順天府衙門很是細緻的準備了早飯,那些家裏沒來得及吃早餐、或者沒吃飽的官員可以趁着案件尚未開審之前填飽肚子。陳峰原本是吃過的,也就沒去湊這個熱鬧。但禮部侍郎、主審官員吳同春還是悄悄的給陳峰傳授了一些“經驗”:案子前期的準備工作完全齊備了,今天的案子就算無法直接斷案,也必定是有重大突破的。
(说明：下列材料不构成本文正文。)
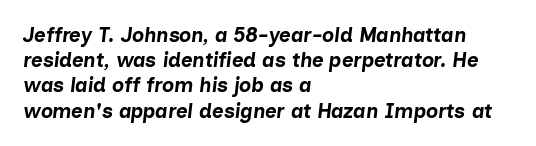
Q: Is the text bold? A: Yes.
Q: Is the text italic (slanted)? A: Yes, it leans right by about 7 degrees.
Q: Is the text underlined? A: No.
Q: How is the paragraph aligned? A: Left-aligned.
Q: Is the spacing between letters normal or unusually wide? A: Normal.
Q: Is the spacing between lines tight, normal or loose? A: Normal.
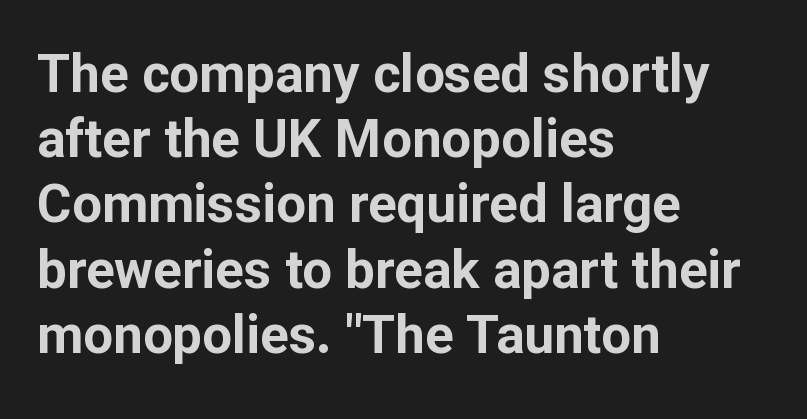
The image shows 53 px bold sans-serif type, upright; set left-aligned, line spacing 1.23x, normal letter spacing, not underlined; low stroke contrast and a medium x-height.
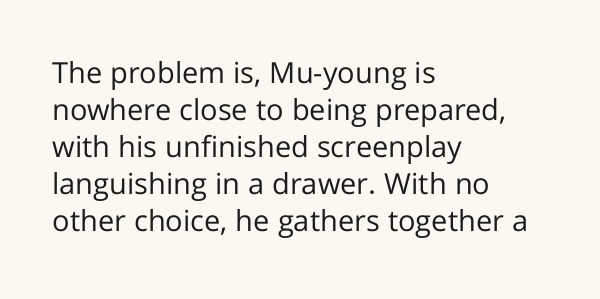
The image shows 29 px regular-weight sans-serif type, upright; set left-aligned, normal line spacing (1.28x), normal letter spacing, not underlined; low stroke contrast and a medium x-height.
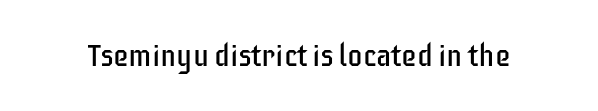
Q: Is the text bold? A: No.
Q: Is the text italic (slanted)? A: No, it is upright.
Q: Is the typeface a serif or a sans-serif typeface? A: Sans-serif.
Q: Is the text underlined? A: No.
Q: Is the spacing between letters normal or unusually wide? A: Normal.
Q: Width (condensed, normal, or wide)? A: Condensed.
Q: Stroke contrast? A: Low.
Q: x-height? A: Large.
Q: Monospaced? A: No.
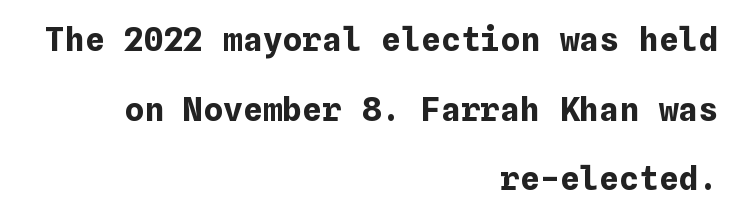
The image shows 33 px bold type, upright; set right-aligned, loose line spacing (2.11x), normal letter spacing, not underlined; low stroke contrast and a medium x-height.
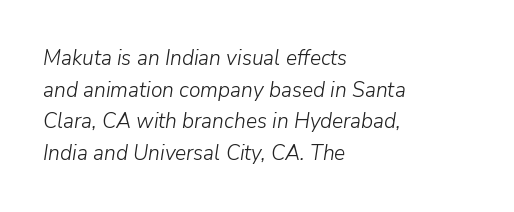
The image shows 21 px text type, italic (leaning right); set left-aligned, normal line spacing (1.51x), normal letter spacing, not underlined.
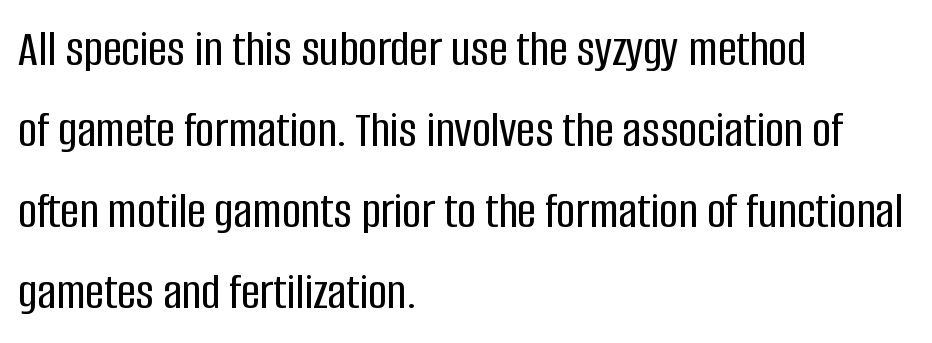
{"serif": "no", "italic": "no", "width": "condensed", "stroke_contrast": "low", "x_height": "large", "monospaced": "no", "underline": "no", "align": "left", "line_spacing": "normal", "line_spacing_ratio": 1.56, "letter_spacing": "normal", "letter_spacing_em": 0.0, "glyph_px": 52}
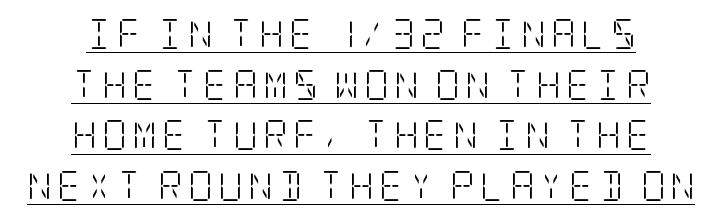
The image shows 30 px light, condensed serif type, upright; set centered, normal line spacing (1.69x), underlined; low stroke contrast and a large x-height.
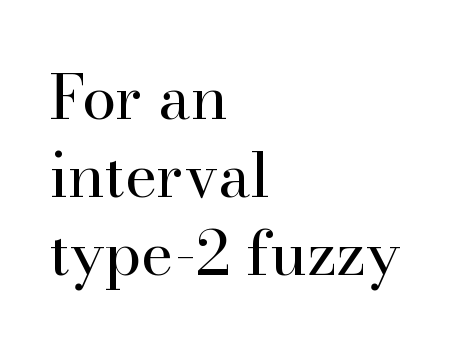
Spacing verdict: proportional, widths tailored to each character. Nobody drew a line under any word here. The typeface chosen for these lines features serifs. This is the regular roman posture of the typeface.
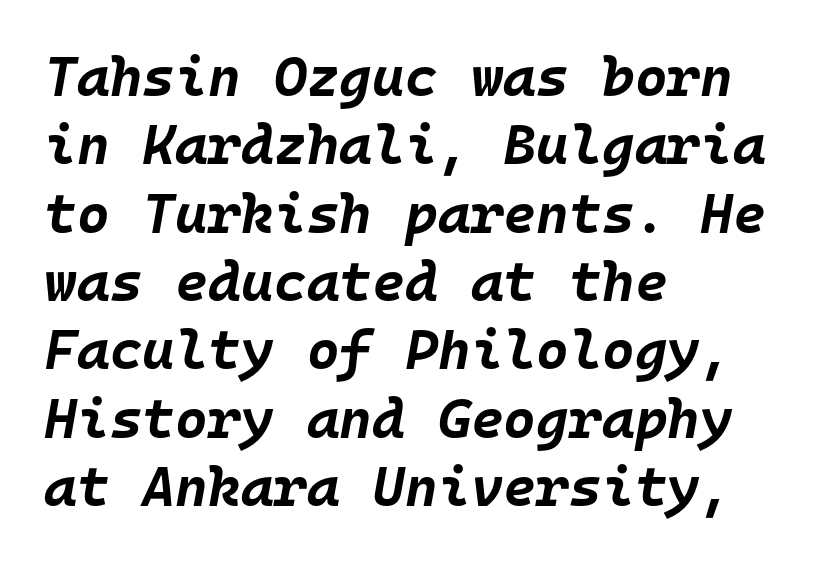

沒準到時候連堂審案不吃午飯,那也是常有的,所以還是趁現在多吃的好。
陳峰欣然接受了對方的建議,也是再吃了一些,反正錦衣衛和東廠的兩位大爺還沒到,案子是無法跳過他們兩位就直接開始的,與其在這干坐着等,還不如先吃着點,免得待會真的連堂審案沒時間吃午飯肚子餓呢。
一眾官員吃完早飯在正堂喝着茶聊着天,半晌那兩位名為旁審,實為累贅的大爺才來到順天府衙門。相互見禮落座后,方才開始正式審案,此時已經是辰時一刻了。
由於薊州知州戚延齡將與案件相關的人員都送來了,所以今天一上來審的不是張差,而是這些涉及到案情內幕的人員,大家都想從他們嘴裏敲出一些有用的信息來。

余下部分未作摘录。